## Instructions for the task:
Transcribe word for word each line from the one containing "An aerial image. It shows: Swimming" to the final line of the data, both included. Skip the pictures.

[Data excerpts]
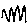
Label: zigzag
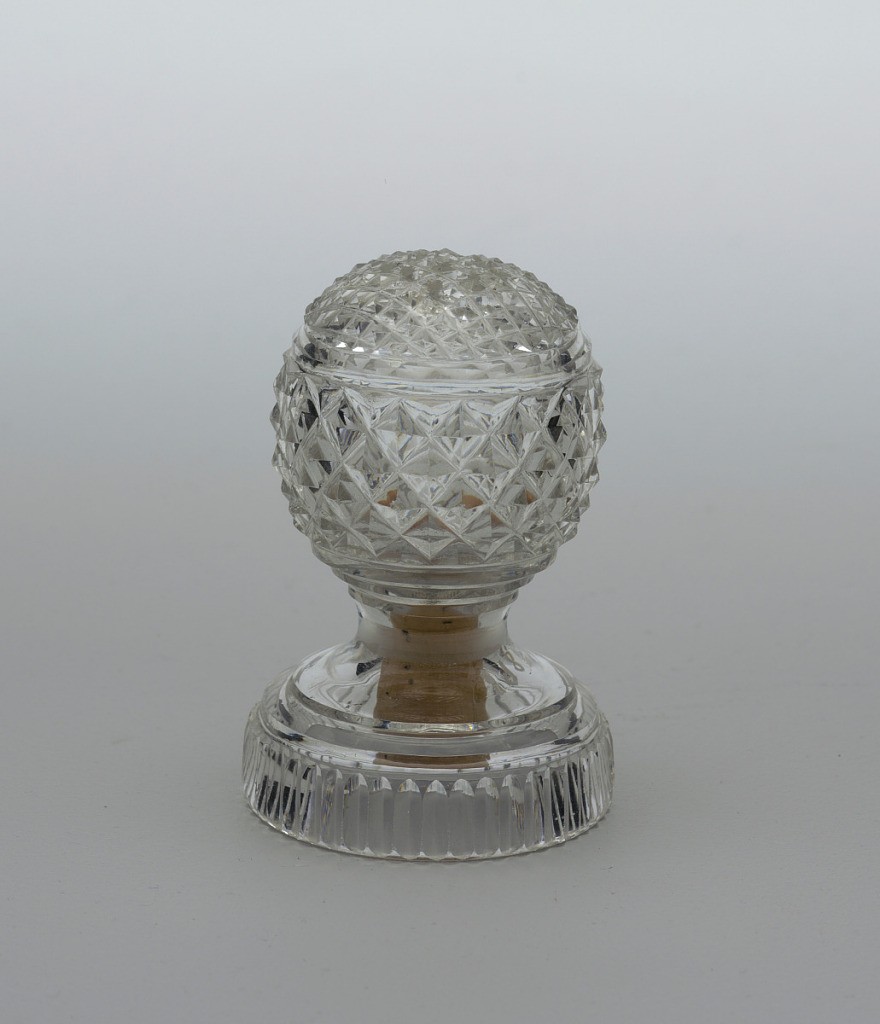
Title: caster
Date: ca. 1820
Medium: glass
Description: Globular body, on stemmed circular foot. body decorated with diamond cutting, and prismatic rings. Diamonds on upper portion are smaller and contain holes for pouring. Hole for cork on bottom of foot.
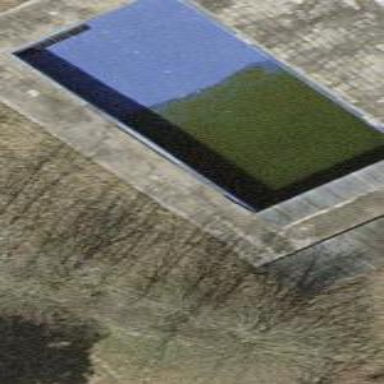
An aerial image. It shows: Swimming pool located in leisure land.
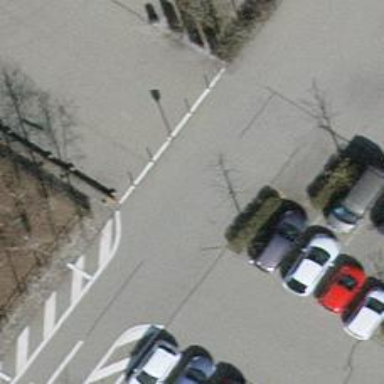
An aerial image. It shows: Assembly point for emergencies.
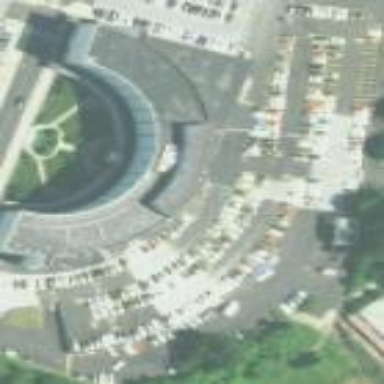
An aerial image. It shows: Parking area.
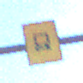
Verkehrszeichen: KennzeichnungspflichtigeFahrzeugeGefaehrlicheGueterOhnePfeilsymbol
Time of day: SunriseSunset
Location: Outdoor (Suburban)
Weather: PartlyCloudy
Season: Winter
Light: Natural
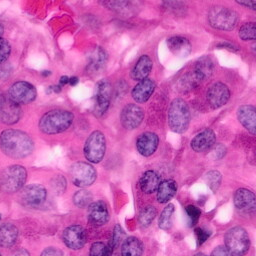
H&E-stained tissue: Pancreatic
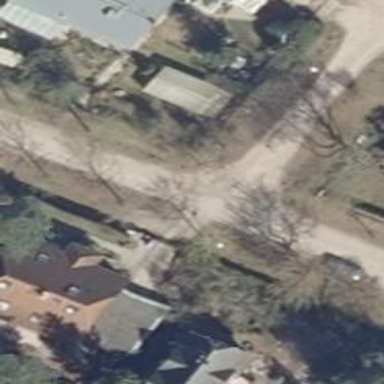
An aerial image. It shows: Residential road with sandy surface.
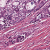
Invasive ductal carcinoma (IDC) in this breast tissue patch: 0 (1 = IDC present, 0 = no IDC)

## Solution to this task:
An aerial image. It shows: Swimming pool located in leisure land.
An aerial image. It shows: Assembly point for emergencies.
An aerial image. It shows: Parking area.
Verkehrszeichen: KennzeichnungspflichtigeFahrzeugeGefaehrlicheGueterOhnePfeilsymbol
Time of day: SunriseSunset
Location: Outdoor (Suburban)
Weather: PartlyCloudy
Season: Winter
Light: Natural
H&E-stained tissue: Pancreatic
An aerial image. It shows: Residential road with sandy surface.
Invasive ductal carcinoma (IDC) in this breast tissue patch: 0 (1 = IDC present, 0 = no IDC)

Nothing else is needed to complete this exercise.